A machine learning based estimation method of beach slopes at a national scale: a case study of New Zealand

Beach slope is a critical parameter for understanding coastal geomorphological dynamics, yet the acquisition of comprehensive datasets at large scales remains a significant challenge. This study bridges this gap by presenting a novel methodology for estimating beach slopes across New Zealand’s sandy coastlines. We developed robust coastal slope estimation models for sandy beaches by integrating 12 environmental factors with high-precision LiDAR-derived slope data, employing four machine learning regression techniques: Random Forest (RF), Gradient Boosting Decision Tree (GBDT), eXtreme Gradient Boosting (XGBoost), and Category Boosting (CatBoost). These models were trained on datasets from 1,241 beaches with LiDAR-derived Digital Elevation Models (DEMs) and subsequently applied to predict coastal slopes for an additional 509 beaches lacking LiDAR data. The results reveal that the XGBoost model outperformed the others, achieving the highest accuracy with an R2 of 0.93 and an MAE of 0.02, demonstrating the effectiveness of machine learning in coastal slope estimation. This innovative approach, leveraging DEM datasets and environmental variables, provides a robust and cost-effective tool for estimating coastal slopes across global sandy beaches compared to high-cost field measurement methods.

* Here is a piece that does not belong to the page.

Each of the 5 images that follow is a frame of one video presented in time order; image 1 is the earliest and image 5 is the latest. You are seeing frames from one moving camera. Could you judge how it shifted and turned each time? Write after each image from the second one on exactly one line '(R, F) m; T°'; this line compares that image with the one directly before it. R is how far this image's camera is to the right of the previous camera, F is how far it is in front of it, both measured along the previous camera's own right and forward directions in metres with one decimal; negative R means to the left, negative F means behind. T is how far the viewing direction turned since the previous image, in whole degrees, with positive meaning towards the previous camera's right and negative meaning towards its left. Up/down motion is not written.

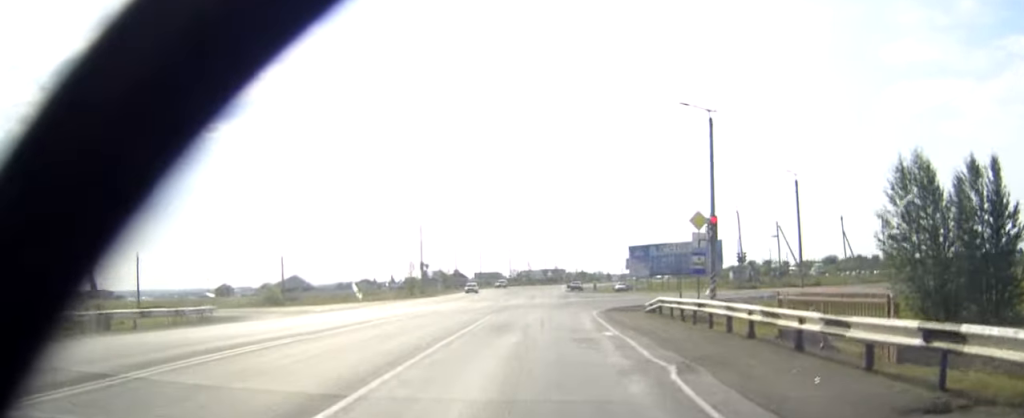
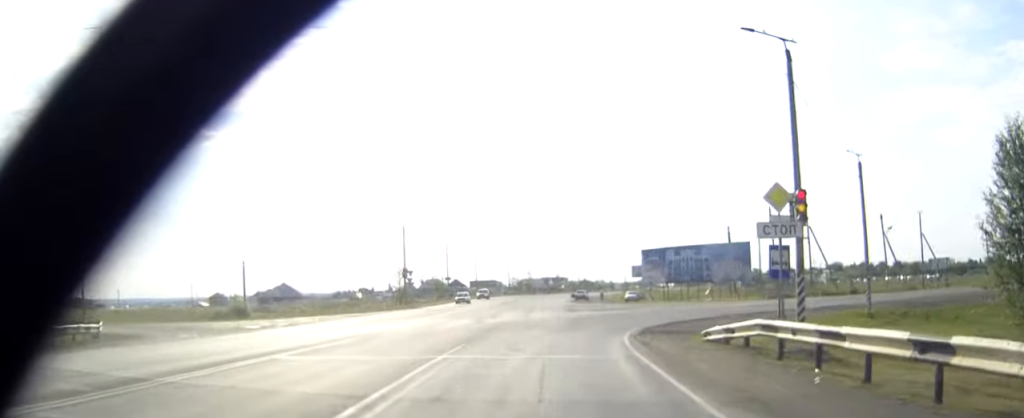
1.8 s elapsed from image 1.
(0.0, +13.6) m; 0°
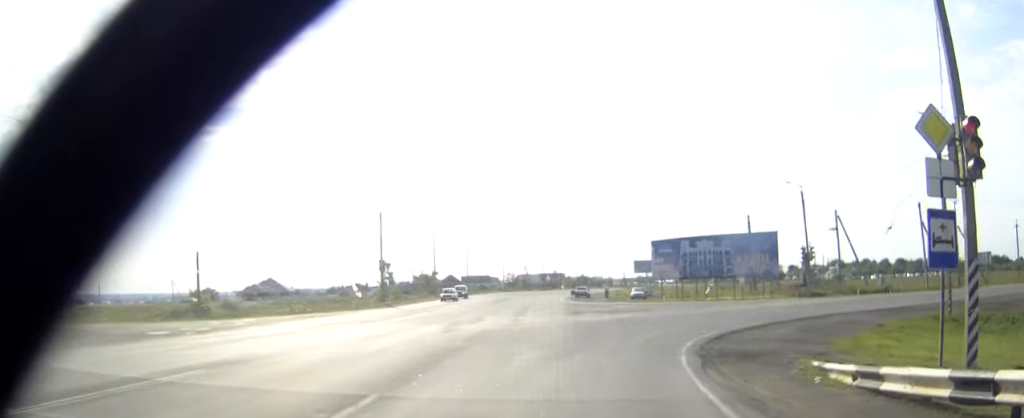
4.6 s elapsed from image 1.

We also emphasized that our method can estimate beach slopes for beaches without topography data based on constructed machine learning methods and environmental factors. Future studies should focus on incorporating additional environmental covariates, and extending the model’s applicability to diverse coastal environments, thereby enhancing its predictive accuracy and utility, supporting sustainable coastal development worldwide.